* **Problem**: Whenever a line in the data holds the string "moved", pull that line out.

* **Supplied material**:
━━━━

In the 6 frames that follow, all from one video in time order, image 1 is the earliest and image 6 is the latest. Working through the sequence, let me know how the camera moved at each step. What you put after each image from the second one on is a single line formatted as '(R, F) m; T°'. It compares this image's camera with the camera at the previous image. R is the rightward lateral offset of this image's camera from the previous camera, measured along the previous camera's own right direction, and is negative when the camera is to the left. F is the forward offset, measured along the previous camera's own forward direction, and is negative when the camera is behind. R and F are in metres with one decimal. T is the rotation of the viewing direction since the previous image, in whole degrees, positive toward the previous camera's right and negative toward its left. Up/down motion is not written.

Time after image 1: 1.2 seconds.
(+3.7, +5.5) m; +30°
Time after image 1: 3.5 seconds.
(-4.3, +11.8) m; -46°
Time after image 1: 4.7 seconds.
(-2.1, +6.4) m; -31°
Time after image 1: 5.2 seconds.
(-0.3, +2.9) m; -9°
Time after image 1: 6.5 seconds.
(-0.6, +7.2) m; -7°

━━━━

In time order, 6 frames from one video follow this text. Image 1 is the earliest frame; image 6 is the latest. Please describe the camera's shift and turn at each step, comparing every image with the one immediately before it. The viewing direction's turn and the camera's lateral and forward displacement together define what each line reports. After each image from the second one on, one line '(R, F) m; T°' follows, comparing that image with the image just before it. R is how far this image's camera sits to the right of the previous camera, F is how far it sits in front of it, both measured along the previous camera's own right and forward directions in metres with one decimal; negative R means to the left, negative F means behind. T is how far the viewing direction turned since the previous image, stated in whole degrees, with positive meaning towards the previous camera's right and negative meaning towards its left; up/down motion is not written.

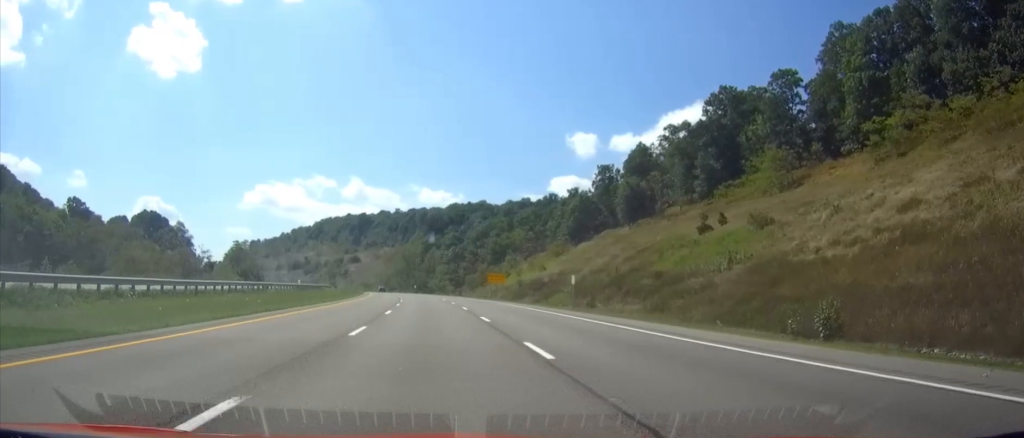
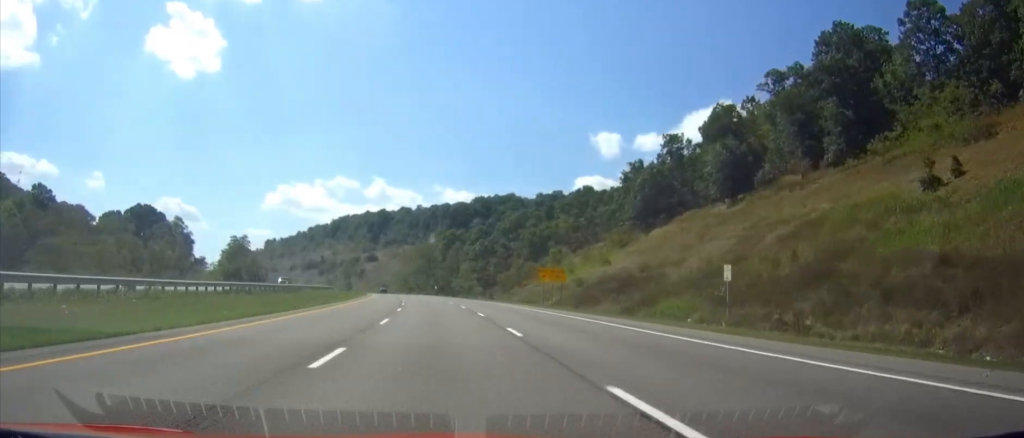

━━━━

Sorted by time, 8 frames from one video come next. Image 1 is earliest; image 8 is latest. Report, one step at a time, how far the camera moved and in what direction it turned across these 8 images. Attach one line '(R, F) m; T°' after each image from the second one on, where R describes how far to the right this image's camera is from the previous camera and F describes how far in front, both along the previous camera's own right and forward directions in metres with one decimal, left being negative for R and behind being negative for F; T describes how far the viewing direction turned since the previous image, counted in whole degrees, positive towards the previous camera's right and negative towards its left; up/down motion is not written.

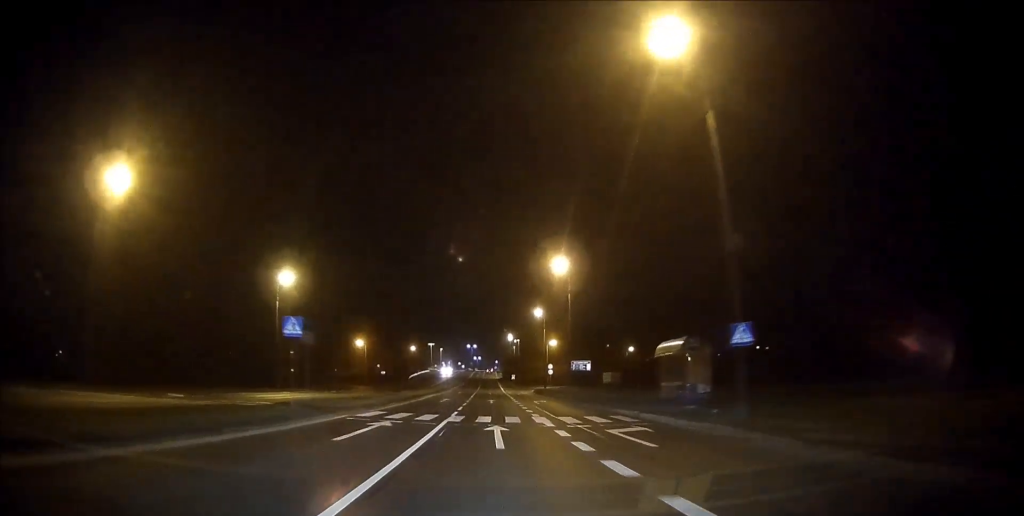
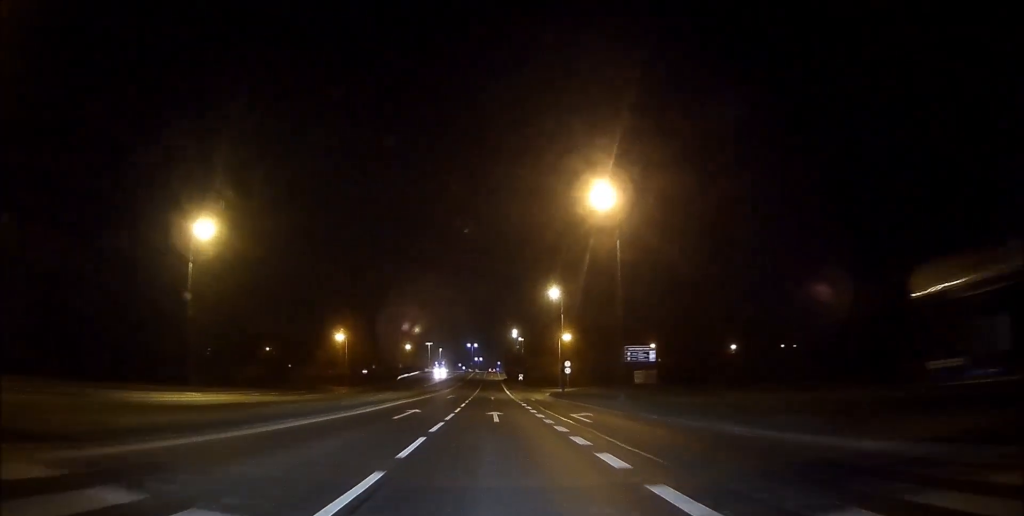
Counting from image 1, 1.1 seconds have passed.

━━━━

* **Finished exercise**:
In the 6 frames that follow, all from one video in time order, image 1 is the earliest and image 6 is the latest. Working through the sequence, let me know how the camera moved at each step. What you put after each image from the second one on is a single line formatted as '(R, F) m; T°'. It compares this image's camera with the camera at the previous image. R is the rightward lateral offset of this image's camera from the previous camera, measured along the previous camera's own right direction, and is negative when the camera is to the left. F is the forward offset, measured along the previous camera's own forward direction, and is negative when the camera is behind. R and F are in metres with one decimal. T is the rotation of the viewing direction since the previous image, in whole degrees, positive toward the previous camera's right and negative toward its left. Up/down motion is not written.
Sorted by time, 8 frames from one video come next. Image 1 is earliest; image 8 is latest. Report, one step at a time, how far the camera moved and in what direction it turned across these 8 images. Attach one line '(R, F) m; T°' after each image from the second one on, where R describes how far to the right this image's camera is from the previous camera and F describes how far in front, both along the previous camera's own right and forward directions in metres with one decimal, left being negative for R and behind being negative for F; T describes how far the viewing direction turned since the previous image, counted in whole degrees, positive towards the previous camera's right and negative towards its left; up/down motion is not written.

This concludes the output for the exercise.